The second kind of parameter understood by {\tt cm} is a named
parameter labeled by the string {\tt bind} (see
Section~\ref{sec:anchor:env}).  It can occur arbitrarily many times
and each occurence must be a suboption-list of the form {\tt
(anchor:$a$ value:$v$)}.  The set of {\tt bind}-parameters augments
the current anchor environment to form the environment that is used
while processing the contents of the named CM description file.

\subsubsection{Parameters for classes {\tt tool} and {\tt suffix}}

Class {\tt tool} (see the discussion is section~\ref{sec:localtools})
does not accept any parameters.

Class {\tt suffix} (see section~\ref{sec:localsuffixes}) takes one
mandatory parameter which is either simply a class name or the same
class name labeled by {\tt class}.  Thus, the following two lines are
equivalent:

\begin{verbatim}
ml : suffix (sml)
ml : suffix (class:sml)
\end{verbatim}

There are no recognized filename suffixes for these two classes.

\subsection{Built-in tools}
\label{sec:builtin-tools}

\subsubsection{ML-Yacc}

The ML-Yacc tool is responsible for files that are input to the
ML-Yacc parser generator.  Its class name is {\tt mlyacc}.  Recognized
file name suffixes are {\tt .grm} and {\tt .y}.  For a source file
$f$, the tool produces two targets $f${\tt .sig} and $f${\tt .sml},
both of which are always treated as ML source files.  The {\tt mlyacc}
class accepts two optional tool parameters labeled {\tt sigoptions}
and {\tt smloptions}.  They specify tool options to be passed on to
the generated {\tt .sig}- and {\tt .sml}-files, respectively.
Example\footnote{Since the generated {\tt .sig}-file contains nothing
more than an ML signature definition, it is typically not very useful
to pass any options to it.}:

\begin{verbatim}
  lang.grm (sigoptions:(setup:(pre:"print \"compiling lang.grm.sig\\n\";"))
            smloptions:(private))
\end{verbatim}

The tool invokes the {\tt ml-yacc} command if the targets are
``outdated''.  A target is outdated if it is missing or older than the
source.  Unless anchored using the path anchor mechanism (see
Section~\ref{sec:anchor:env}), the command {\tt ml-yacc} will be located
using the operating system's path search mechanism (e.g., the {\tt
\$PATH} environment variable).

\subsubsection{ML-Lex}

The ML-Lex tool governs files that are input to the ML-Lex lexical
analyzer generator~\cite{appel89:lex}.  Its class name is {\tt mllex}.
Recognized file name suffixes are {\tt .lex} and {\tt .l}.  For a
source file $f$, the tool produces one targets $f${\tt .sml} which
will always be treated as ML source code.  Tool parameters are passed
on without change to that file.

The tool invokes the {\tt ml-lex} command if the target is outdated
(just like in the case of ML-Yacc).  Unless anchored using the path
anchor mechanism (see Section~\ref{sec:anchor:env}), the command {\tt
ml-lex} will be located using the operating system's path search
mechanism (e.g., the {\tt \$PATH} environment variable).

\subsubsection{ML-Burg}

The ML-Burg tool deals with files that are input to the ML-Burg
code-generater generator~\cite{mlburg93}.  Its class name is {\tt
mlburg}.  The only recognized file name suffix is {\tt .burg}.  For a
source file $f${\tt .burg}, the tool produces one targets $f${\tt
.sml} which will always be treated as ML source code.  Any tool
parameters are passed on without change to the target.

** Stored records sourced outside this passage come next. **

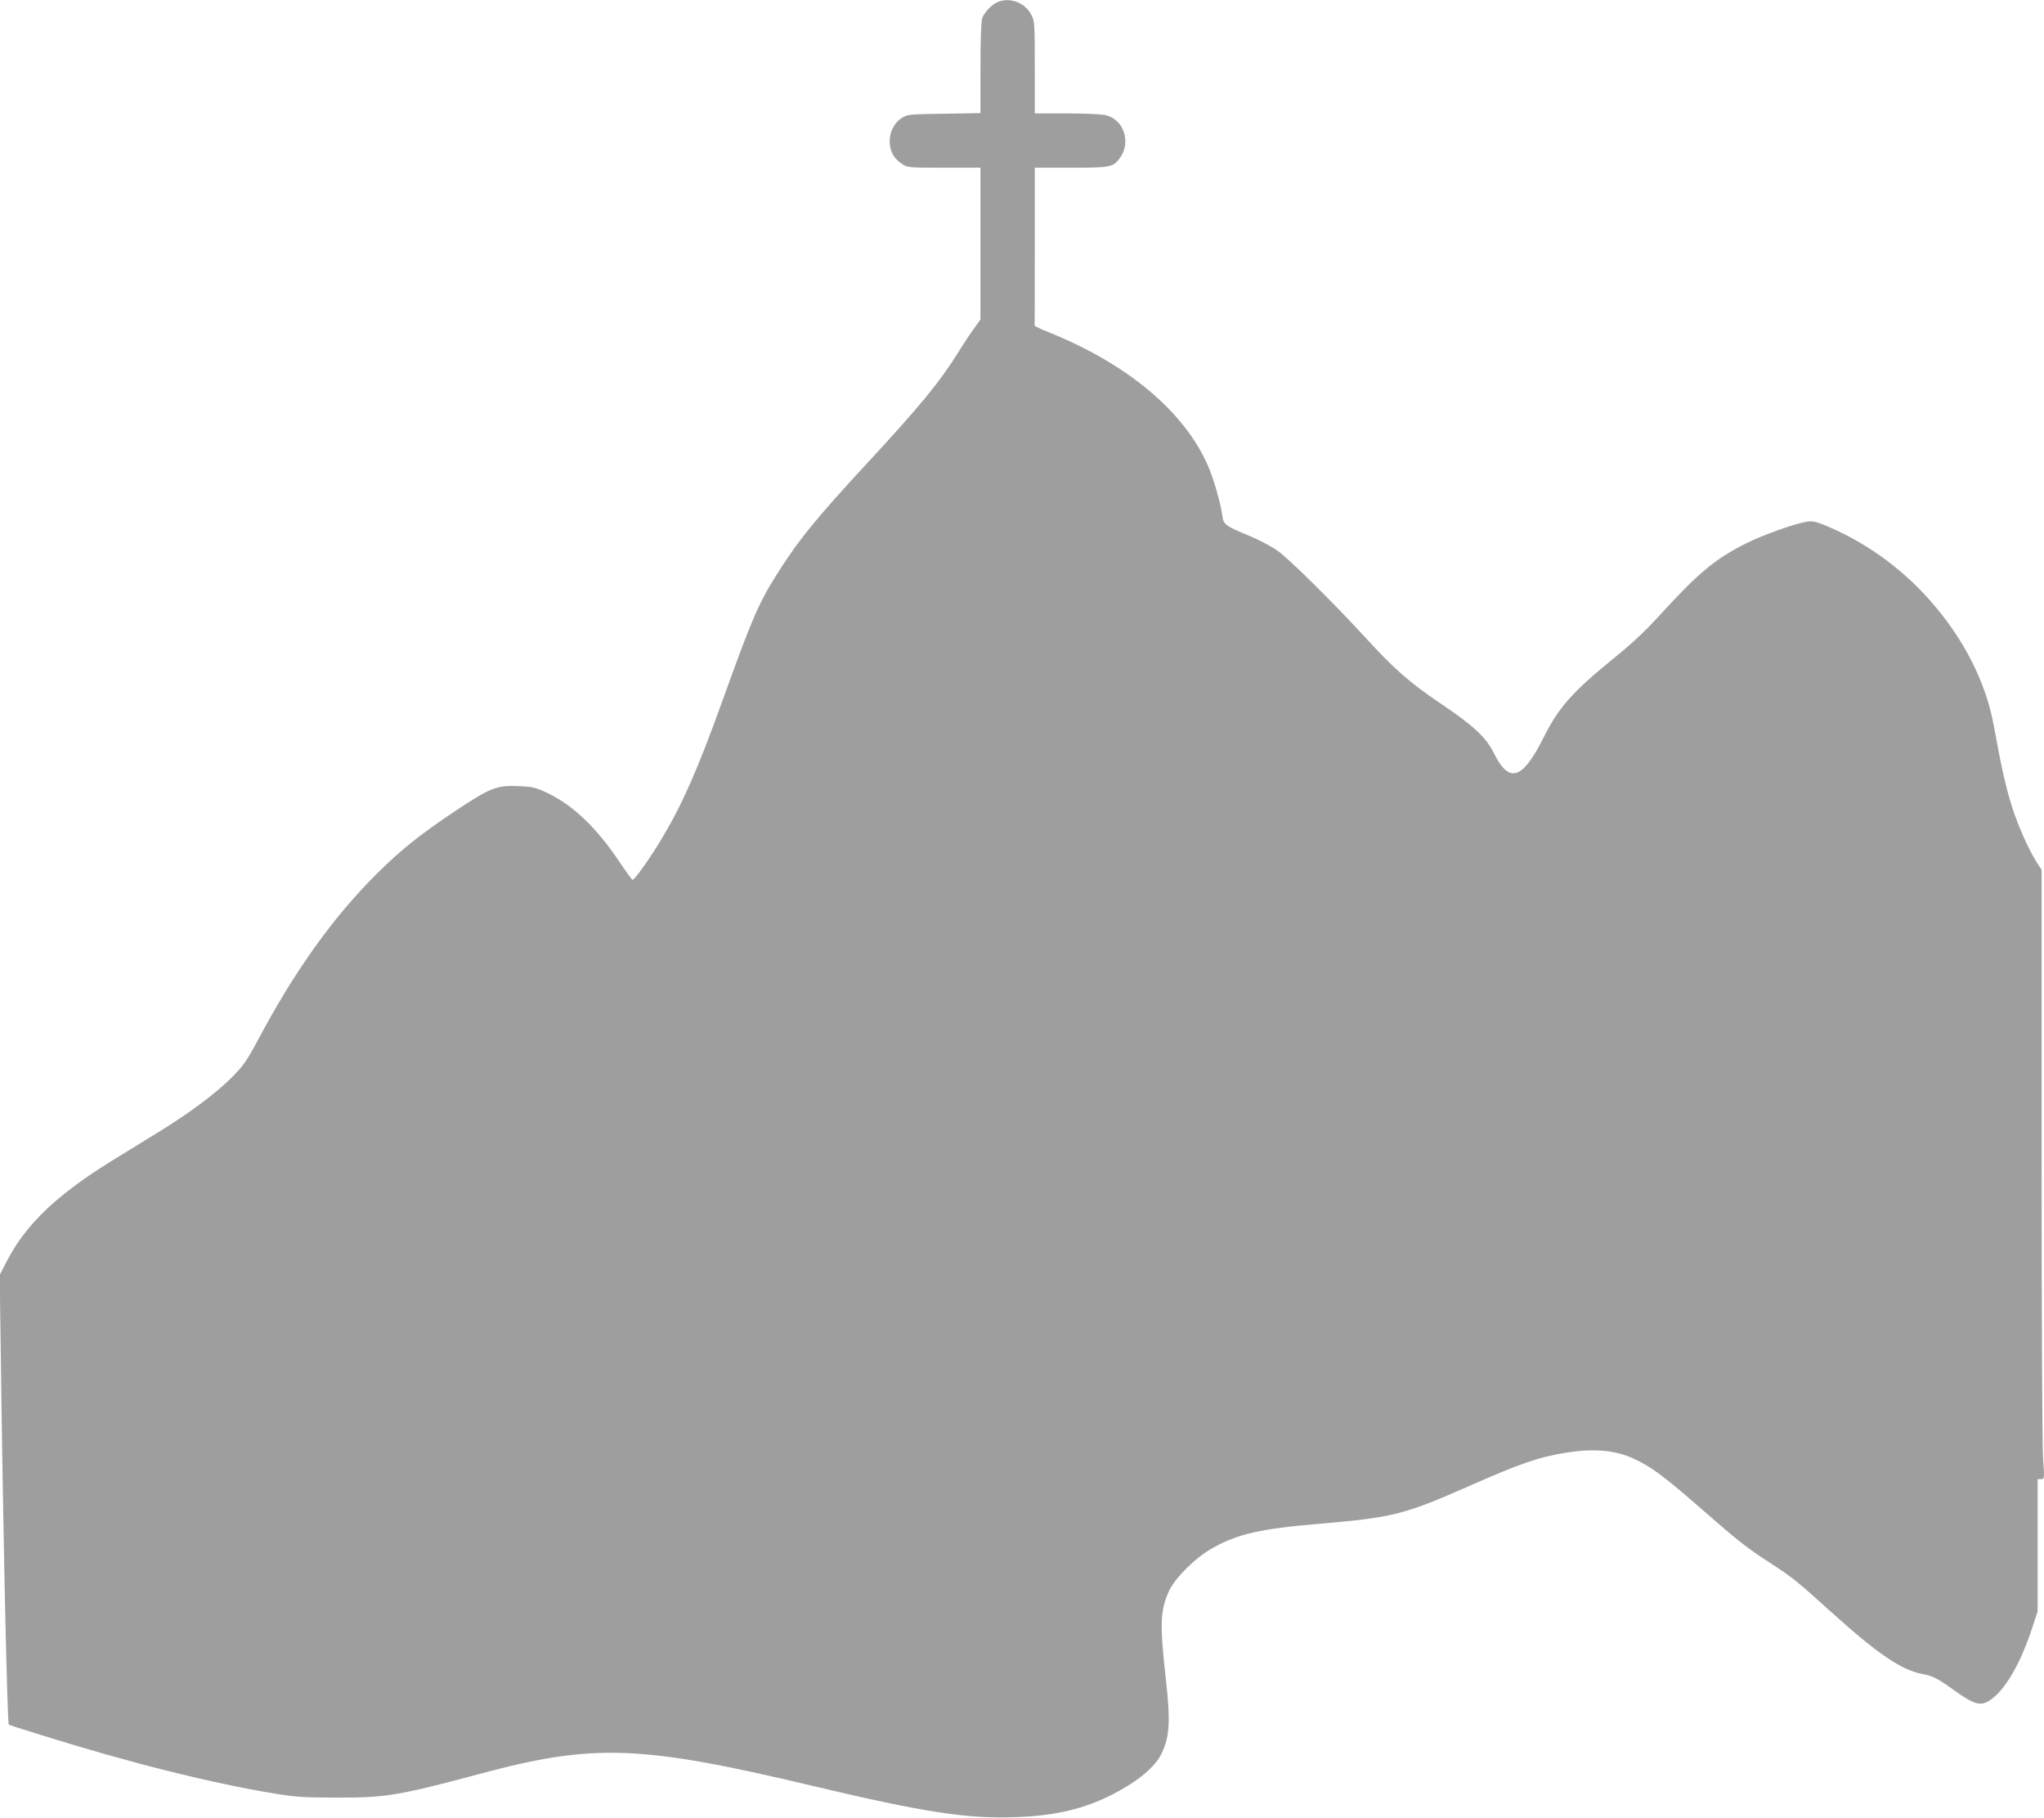 <?xml version="1.0" standalone="no"?>
<!DOCTYPE svg PUBLIC "-//W3C//DTD SVG 20010904//EN"
 "http://www.w3.org/TR/2001/REC-SVG-20010904/DTD/svg10.dtd">
<svg version="1.0" xmlns="http://www.w3.org/2000/svg"
 width="1280pt" height="1138pt" viewBox="0 0 1280 1138"
 preserveAspectRatio="xMidYMid meet">
<g transform="translate(0,1138) scale(0.1,-0.1)"
fill="#9e9e9e" stroke="none">
<path d="M6245 11366 c-37 -17 -80 -62 -94 -99 -7 -18 -11 -136 -11 -312 l0
-283 -227 -4 c-217 -3 -230 -4 -265 -26 -51 -32 -82 -98 -76 -163 6 -56 28
-93 78 -126 32 -22 41 -23 261 -23 l229 0 0 -475 0 -475 -42 -59 c-24 -33 -68
-99 -98 -148 -114 -183 -234 -330 -566 -689 -326 -352 -438 -490 -575 -709
-109 -174 -153 -276 -333 -777 -150 -418 -249 -645 -374 -855 -78 -132 -180
-276 -192 -271 -4 2 -39 50 -78 108 -143 215 -291 357 -451 434 -77 36 -94 41
-179 44 -142 7 -181 -9 -402 -156 -224 -150 -338 -241 -490 -392 -274 -272
-516 -610 -745 -1042 -68 -127 -90 -158 -159 -229 -102 -102 -259 -220 -453
-340 -84 -52 -218 -134 -299 -184 -347 -214 -540 -398 -660 -628 l-46 -89 7
-501 c13 -1040 40 -2301 50 -2314 0 -2 88 -30 195 -63 555 -174 1062 -301
1465 -368 141 -23 189 -26 400 -26 299 -1 384 13 895 150 709 190 1002 179
2072 -75 705 -168 979 -210 1288 -197 241 9 420 52 595 141 162 83 271 174
311 261 49 105 54 199 25 459 -39 349 -36 433 20 555 39 83 164 207 270 267
157 89 305 123 669 153 457 39 532 57 925 230 340 150 448 187 620 215 173 28
305 17 421 -35 113 -51 191 -109 444 -330 210 -184 275 -235 415 -325 140 -91
165 -110 390 -314 283 -255 432 -356 562 -381 66 -12 97 -28 200 -102 140
-100 177 -106 252 -41 84 71 171 230 236 428 l35 106 0 415 0 414 21 0 c22 0
22 1 13 133 -5 72 -9 931 -9 1907 l0 1775 -29 44 c-50 78 -115 222 -155 346
-36 109 -70 260 -115 510 -50 274 -187 545 -399 785 -184 209 -417 374 -672
477 -45 18 -70 22 -100 17 -76 -12 -274 -83 -377 -134 -199 -100 -302 -186
-540 -447 -90 -99 -176 -180 -281 -265 -270 -219 -356 -315 -452 -508 -132
-263 -215 -288 -311 -93 -48 97 -129 172 -336 311 -191 129 -287 213 -469 412
-198 216 -475 490 -550 543 -37 26 -111 65 -165 88 -161 66 -172 75 -179 128
-11 81 -54 231 -89 312 -147 340 -503 639 -994 837 -52 20 -93 40 -93 45 1 4
1 228 1 497 l0 490 225 0 c244 0 263 3 304 55 77 99 32 245 -84 274 -25 6
-130 11 -244 11 l-201 0 0 288 c0 282 -1 290 -23 332 -40 75 -136 110 -212 76z"/>
</g>
</svg>

The tool invokes the {\tt ml-burg} command if the target is outdated.
Unless anchored using the path anchor mechanism (see
Section~\ref{sec:anchor:env}), the command {\tt ml-lex} will be located
using the operating system's path search mechanism (e.g., the {\tt
\$PATH} environment variable).

\subsubsection{Shell}

The Shell tool can be used to specify arbitrary shell commands to be
invoked on behalf of a given file.  The name of the class is {\tt
shell}.  There are no recognized file name suffixes.  This means that
in order to use the shell tool one must always specify the {\tt shell}
member class explicitly.

The rule for the {\tt shell} class relies on tool parameters.  The
parameter list must be given in parentheses and follow the {\tt shell}
class specification.

Consider the following example:

\begin{verbatim}
  foo.pp : shell (target:foo.sml options:(shared)
                        /lib/cpp -P -Dbar=baz %s %t)
\end{verbatim}

This member specification says that file {\tt foo.sml} can be obtained
from {\tt foo.pp} by running it through the C preprocessor {\tt cpp}.
The fact that the target file is given as a tool parameter implies
that the member itself is the source.  The named parameter {\tt
options} lists the tool parameters to be used for that target. (In the
example, the parentheses around {\tt shared} are optional because it
is the only element of the list.) The command line itself is given by
the remaining non-keyword parameters.  Here, a single {\bf \%s} is
replaced by the source file name, and a single {\bf \%t} is replaced
by the target file name; any other string beginning with {\bf \%} is
shortened by its first character.

In the specification one can swap the positions of source and target
(i.e., let the member name be the target) by using a {\tt source}
parameter:

\begin{verbatim}
  foo.sml : shell (source:foo.pp options:shared
                         /lib/cpp -P -Dbar=baz %s %t)
\end{verbatim}

Exactly one of the {\tt source} and {\tt target} parameters must be
specified; the other one is taken to be the member name itself.  The
target class can be given by writing a {\tt class} parameter whose
single sub-option must be the desired class name.

The usual distinction between native and standard filename syntax
applies to any given {\tt source} or {\tt target} parameter.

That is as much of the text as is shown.